Our Souls at Night is a 2017 American romantic drama film directed by Ritesh Batra and written by Scott Neustadter and Michael H. Weber. It is based on the novel of same name by Kent Haruf. The film stars Robert Redford, Jane Fonda, Matthias Schoenaerts, and Judy Greer. It had its world premiere at the Venice Film Festival on September 1, 2017. It was released on September 29, 2017 by Netflix. It marked the fourth collaboration between Fonda and Redford, having previously starred in The Chase, Barefoot in the Park, and The Electric Horseman.

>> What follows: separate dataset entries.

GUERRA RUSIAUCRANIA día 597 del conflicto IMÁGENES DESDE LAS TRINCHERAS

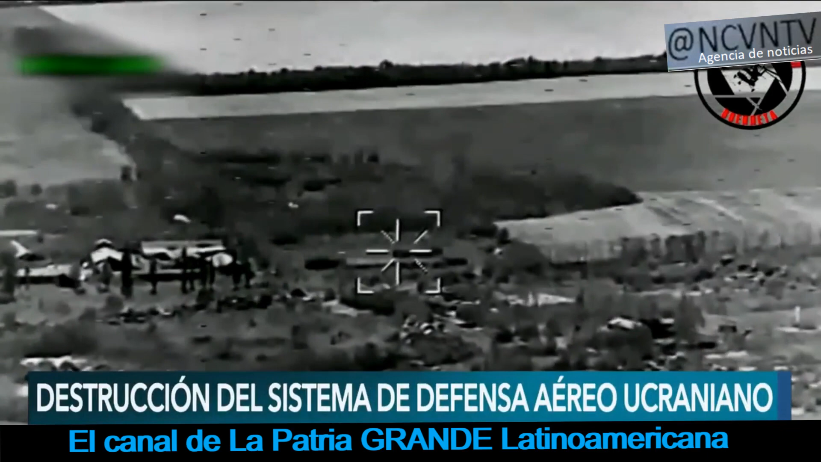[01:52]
Lo que ahora estamos mostrándole es el uso del misil ligero polivalente Rusoru Izelye-305.
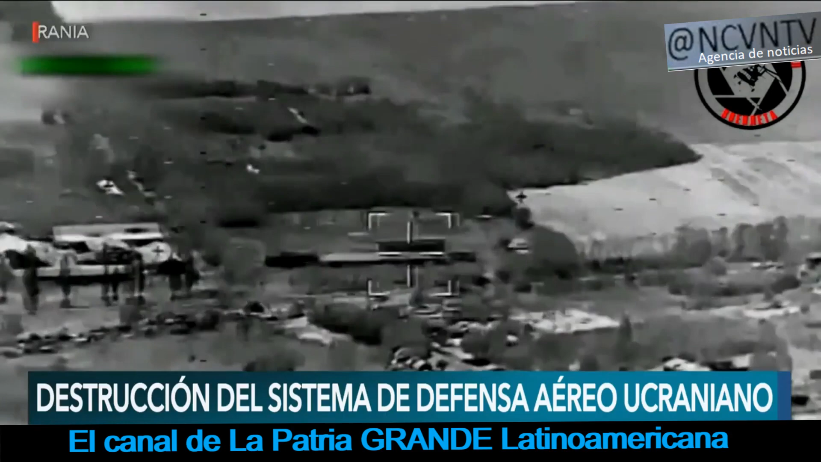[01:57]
Este tiene un objetivo, destruir el sistema de defensa aérea de las Fuerzas Armadas de Ucrania.
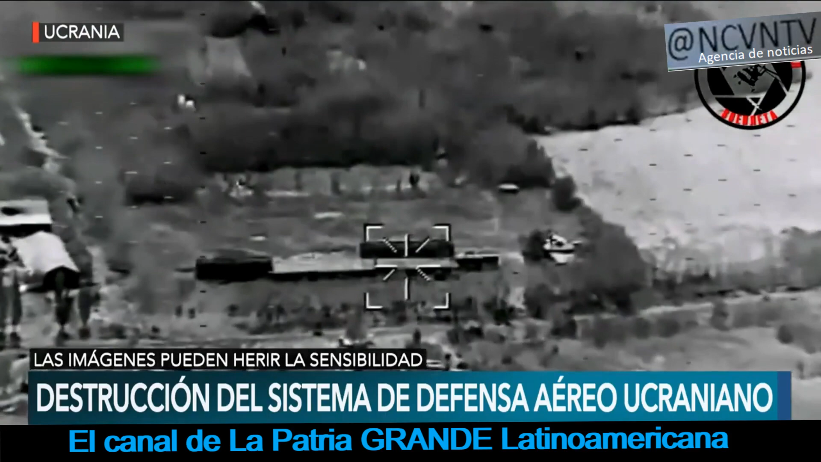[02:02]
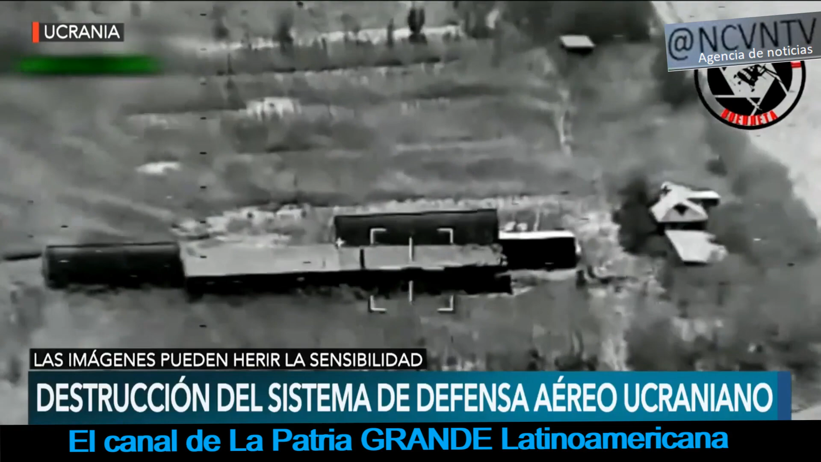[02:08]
Ahí está entonces el objetivo muy claro, divisado, y vemos cómo ahora nos estamos acercando a él.
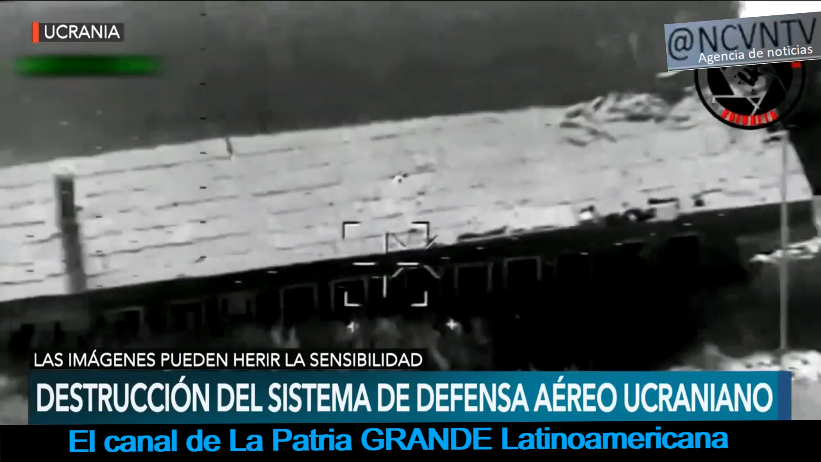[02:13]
Y aunque hemos dicho en reiteradas veces esto pareciese una escena de un videojuego, hoy esto lamentablemente representa la guerra entre estas dos naciones.

The film received acclaim from critics, who appreciated the film's direction, adaptation from the novel, and performances (especially Fonda), with critics widely praising the casting of Fonda and Redford and their chemistry.

Plot
The setting is the fictitious small Colorado city of Holt, where Louis Waters, a widower, and Addie Moore, a widow, have been neighbors for decades but hardly know each other. One night, Addie visits Louis to suggest they spend the night together, non-sexually, to counter their loneliness. Although Louis is initially somewhat hesitant, he soon agrees and they start spending their evenings and nights at Addie's house.

At the start of the summer, Addie's son Gene drops off his son Jamie at Addie's house, as his marriage has fallen apart. Jamie spends the entire summer with Louis and Addie, who also adopt a dog for Jamie. At the end of the summer, Gene returns to pick up Jamie and confronts Addie about her relationship with Louis, which he disapproves of because of Louis’ past affair. Addie, however, refuses to break off the relationship.

Sometime later, Addie is hospitalized after a fall. Her son Gene attempts to persuade her to move in with him, which Addie initially refuses. However, when she receives a distress phone call from Jamie in the middle of the night, she reconsiders. When she and Louis arrive at the house, they find Gene drunk and he confesses he has always believed Addie blamed him for his sister's death. She decides family must come first and decides to move in with Gene and Jamie. Addie and Louis spend their last night together. Both she and Louis are back to sleeping alone. Louis sends an electric train set for Jamie and a cell phone for her. After getting into bed, she calls him and they start talking like old friends.

Cast
 Robert Redford as Louis Waters
 Jane Fonda as Addie Moore
 Iain Armitage as Jamie Moore, Gene's son and Addie's grandson
 Matthias Schoenaerts as Gene Moore, Addie's son and Jamie's father
 Judy Greer as Holly Waters, Louis' daughter
 Phyllis Somerville as Ruth Joyce, Addie's friend
 Bruce Dern as Dorlan Becker

Production
On July 7, 2016, Netflix hired Ritesh Batra to direct the film adaptation of Kent Haruf's novel Our Souls at Night, scripted by Scott Neustadter and Michael H. Weber.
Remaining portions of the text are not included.